На этот раз Рэдклиф глаз не опустил, в его голосе послышалась непривычная твердость:

— А я помню, что просил вас его оставить. А вы отказались.

— Уж не считаете ли вы, что я каким-то образом виноват в его смерти?

Рэдклиф не ответил, лицо его оставалось бесстрастно. И он по-прежнему не отводил взгляда. Ян отвернулся первым.

— Иногда такие решения трудно принимать, — сказал он. — Но они необходимы. Однако я поклясться готов, что этот человек Симмонс. Выглядит совершенно так же.

— Да, сэр. Это его брат. Выяснить это очень легко, если захотеть.

— Спасибо, что подсказали. Полиция быстро разберется.

— А надо ли, инженер Кулозик? — Рэдклиф сидел очень прямо, и в голосе его появился металл, какого Ян никогда прежде не слышал. — Надо ли ставить их в известность? Симмонс мертв — этого вам мало? А брат заботится о его жене и детишках. Все на пособии. Всю жизнь. Стоит ли удивляться, что он зол на вас? Я его не оправдываю, зря он это затеял. Но если вы забудете о случившемся — несколько человек будут вам благодарны.
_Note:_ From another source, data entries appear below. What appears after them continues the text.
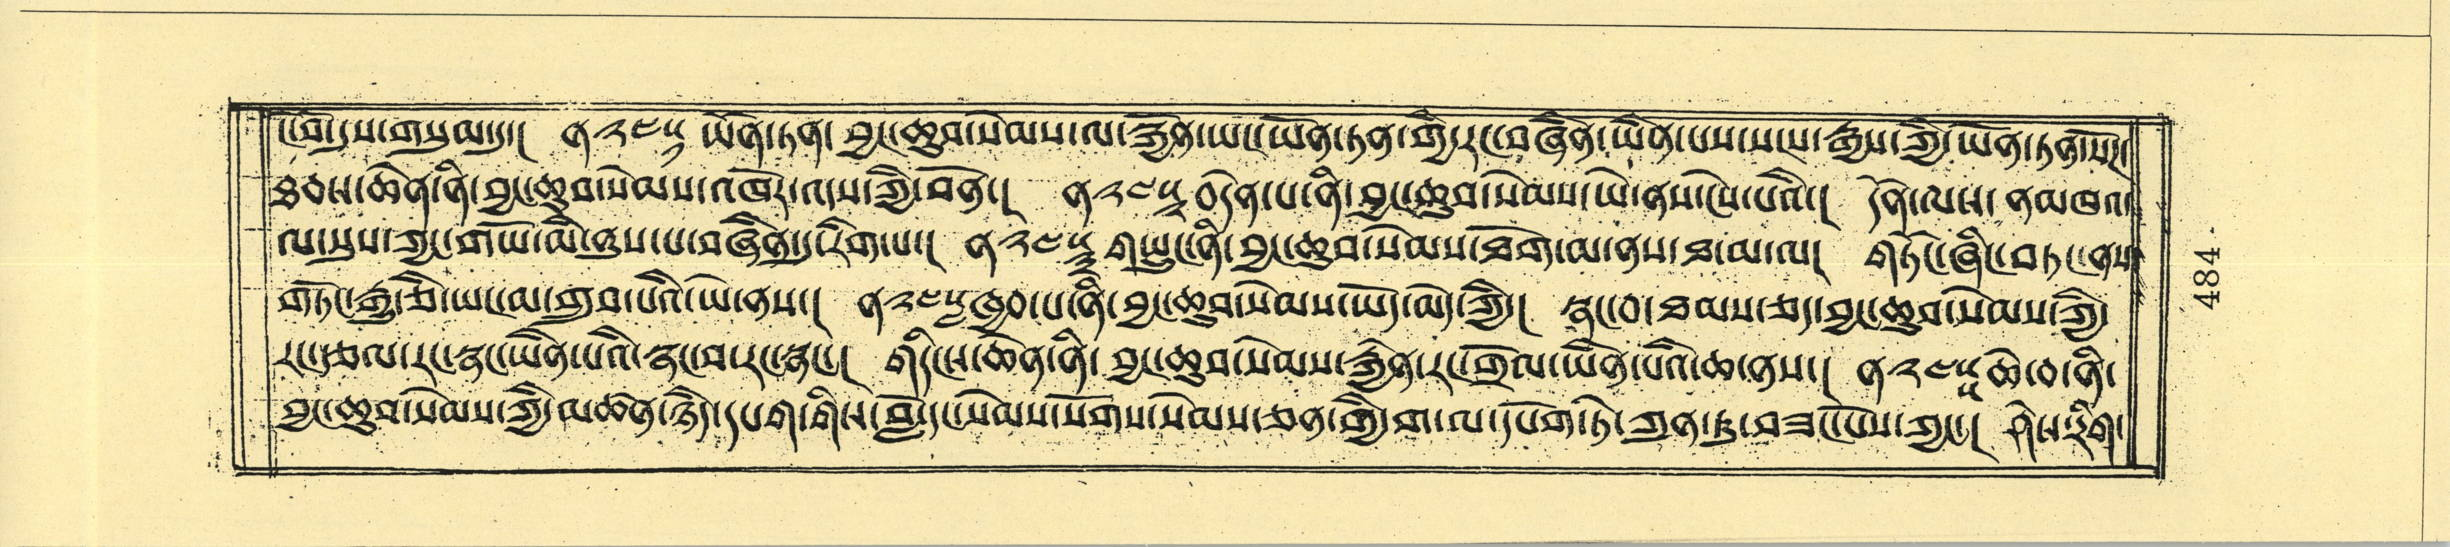ངོ་བོ་དུས་གསུམ་དུ་ ན༢༤༥།༡༼ཡོན་ཏན༽བྱང་ཆུབ་སེམས་ལ་སྐྱོན་ཡང་ཡོན་ཏན་གྱི་རང་བཞིན་ཡིན་པས་སངས་རྒྱས་ཀྱི་ཡོན་ཏན་སོགས་
༼ཐབས་ཆེན་ནི༽བྱང་ཆུབ་སེམས་འཁོར་འདས་ཀྱི་བོན་ན༢༤༥།༢༼བདེན་པ་ནི༽བྱང་ཆུབ་སེམས་ཡེ་ནས་ངེས་པའི་༼དོན་ལས༽ནམ་མཁའ་
ལ་སུས་ཀྱང་གཡོ་མི་ནུས་པ་བཞིན་དུ་རིག་པ་ན༢༤༥།༣ ༼གཡུང་དྲུང་ནི༽བྱང་ཆུབ་སེམས་ཐོག་མ་ནས་ཐ་མ་ལ། ༼གཏོང་ཞིང་༽བཏང་ནས་
གཏོང་རྒྱུ་ཅི་ཡང་མ་གྲུབ་པས་ཡེ་ནས་ན༢༤༥།༤༼ཁྱབ་པ་ནི༽བྱང་ཆུབ་སེམས་ཡོད་མེད་ཀྱི་སྣང་བ་ཐམས་ཅད་བྱང་ཆུབ་སེམས་ཀྱི་
རང་རྩལ་རང་སྣང་ཡིན་པའི་སྣང་བ་རང་སྣང་༼གདེངས་ཆེན་ནི༽བྱང་ཆུབ་སེམས་རྐྱེན་རང་གྲོལ་ཡིན་པའི་ཆ་ནས་ན༢༤༥།༥༼ཆེ་བ་ནི༽
བྱང་ཆུབ་སེམས་ཀྱི་མཚན་ཉིད་༼དཔག་གིས༽བློ་དང་སེམས་སོགས་སེམས་ཅན་གྱི་ག་ལ་དཔོག་སྟེ་ཀུན་ཏུ་བཟང་པོས་ཀྱང་།༼ཤེས་རིག༽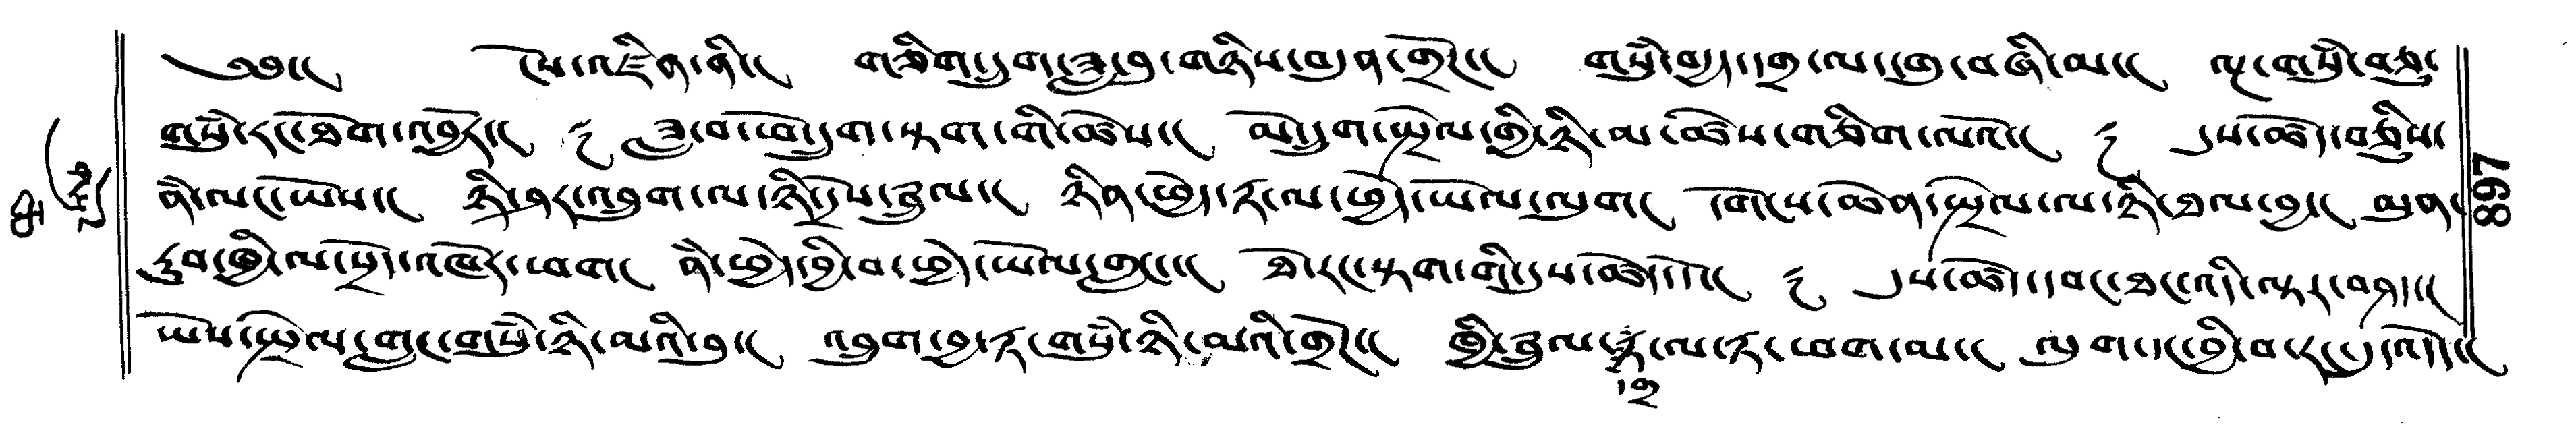ངོས་འཛིན་ནི། །གཅིག་དྲུག་ཟླ་བུ་གཉིས་བདུན་གྲོགས། །གསུམ་བརྒྱད་དགྲ་ལ་དགུ་བཞི་མ། །ལྔ་གསུམ་བཅུ་
གསུམ་རང་ཐོག་འབྱོར། ༈ ཟླ་བ་ཕོ་དྲུག་སྟག་གི་ཚེས། །མོ་དྲུག་སྤྲེལ་གྱི་ཉི་མ་ཚེས་གཅིག་ལའོ། ༈ དུས་ཚོད་བཅུ་གཉིས་
ནམ་ལངས་ཡོས། །ཉི་ཤར་འབྲུག་ལ་ཉི་དྲོས་སྦྲུལ། །ཉིན་ཕྱེད་རྟ་ལ་ཕྱེད་ཡོལ་ལུག །དགོང་ཆེན་སྤྲེལ་ལ་ཉི་ཐལ་བྱ། །མུན་
རུབ་ཁྱི་ལ་སྲོད་འཁོར་ཕག ནམ་ཕྱེད་བྱི་བ་ཕྱེད་ཡོལ་གླང་། །ཐོ་རངས་སྟག་གི་དུས་ཚོད་དོ། ༈ དུས་ཚོད་དབང་ཐང་འདི་ལྟར་བཤད། །
ཡོས་སྤྲེལ་གླང་གསུམ་ཉི་མའི་བུ། །འབྲུག་བྱ་རྟ་གསུམ་ཉི་མའི་གྲོགས། །ཁྱི་སྦྲུལ་དགྲ་ལ་རྟ་ཕག་མ། །ལུག་དང་བྱི་བ་རང་དུ་འདོད། །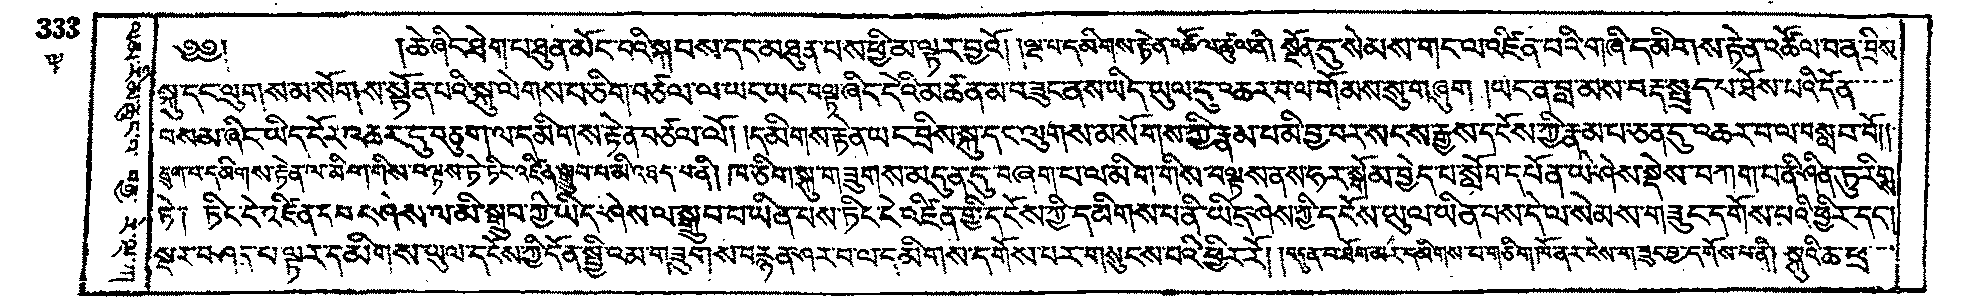༄༅། །ཆེ་ཞིང་ཐེག་པ་ཐུན་མོང་བའི་སྐབས་དང་མཐུན་པས་ཕྱི་མ་ལྟར་བྱའོ། །ལྔ་པ་དམིགས་རྟེན་འཚོལ་ཚུལ་ནི།  སྔོན་དུ་སེམས་གང་ལ་འཛིན་པའི་གཞི་དམིགས་རྟེན་འཚོལ་བ་ན་བྲིས་
སྐུ་དང་ལུགས་མ་སོགས་སྟོན་པའི་སྐུ་ལེགས་པ་ཅིག་བཙལ་ལ་ཡང་ཡང་བལྟ་ཞིང་དེའི་མཚན་མ་བཟུང་ནས་ཡིད་ཡུལ་དུ་འཆར་བ་ལ་གོམས་སུ་གཞུག །ཡང་ན་བླ་མས་བརྡ་སྤྲད་པ་ཐོས་པའི་དོན་
བསམ་ཞིང་ཡིད་དོར་འཆར་དུ་བཅུག་ལ་དམིགས་རྟེན་བཙལ་ལོ། །དམིགས་རྟེན་ཡང་བྲིས་སྐུ་དང་ལུགས་མ་སོགས་ཀྱི་རྣམ་པ་མི་བྱ་བར་སངས་རྒྱས་དངོས་ཀྱི་རྣམ་པ་ཅན་དུ་འཆར་བ་ལ་བསླབ་བོ།།
དྲུག་པ་དམིགས་རྟེན་ལ་མིག་གིས་བལྟས་ཏེ་ཏིང་འཛིན་སྒྲུབ་པ་མི་འཐད་པ་ནི།  ཁ་ཅིག་སྐུ་གཟུགས་མདུན་དུ་བཞག་པ་ལ་མིག་གིས་བལྟས་ནས་ཁར་སྒོམ་བྱེད་པ་སློབ་དཔོན་ཡེ་ཤེས་སྡེས་བཀག་པ་ནི་ཤིན་ཏུ་རིགས་
ཏེ༑ ཏིང་ངེ་འཛིན་དབང་ཤེས་ལ་མི་སྒྲུབ་ཀྱི་ཡིད་ཤེས་ལ་སྒྲུབ་པ་ཡིན་པས་ཏིང་ངེ་འཛིན་གྱི་དངོས་ཀྱི་དམིགས་པ་ནི་ཡིད་ཤེས་ཀྱི་དངོས་ཡུལ་ཡིན་པས་དེ་ལ་སེམས་གཟུང་དགོས་པའི་ཕྱིར་དང་།
སྔར་བཤད་པ་ལྟར་དམིགས་ཡུལ་དངོས་ཀྱི་དོན་སྤྱི་འམ་གཟུང་བརྙན་ཤར་བ་ལ་དམིགས་དགོས་པར་གསུངས་པའི་ཕྱིར་རོ། ། བདུན་བ་ཐོག་མར་དམིགས་པ་གཅིག་ཁོ་ནར་ངེས་གཟུང་བྱ་དགོས་པ་ནི། སྐུ་ཆ་ཕྲ་

Он сильно изменился с тех пор, как нашел брата мертвым.

— Но я должен…

— Разве? Должен — что? Оставаться со своими, вот что. И оставить нас в покое!.. Если бы вы не явились нынче мозги нам полоскать, не стали бы лезть туда, где никому не нужны, ничего бы и не случилось. Оставьте нас в покое, говорю. Залезайте в свою машину и мотайте отсюда. И оставьте все как есть.

— Никому не нужен?.. — Ян пытался освоиться с мыслью, что эти люди могут относиться к нему таким вот образом.

— Здесь — нет. Я сказал достаточно, ваша честь. Делайте что хотите. Что случилось — того уже не изменишь. А за машиной вашей присмотрят, пока вы не соберетесь.

Он вышел, и Ян остался в одиночестве. В таком ужасающем одиночестве, какого не испытывал никогда в жизни.

Глава 5

Ян медленно ехал в гостиницу, в Уизбич, настроение у него было кошмарное. В баре «У Белого Льва» толпа…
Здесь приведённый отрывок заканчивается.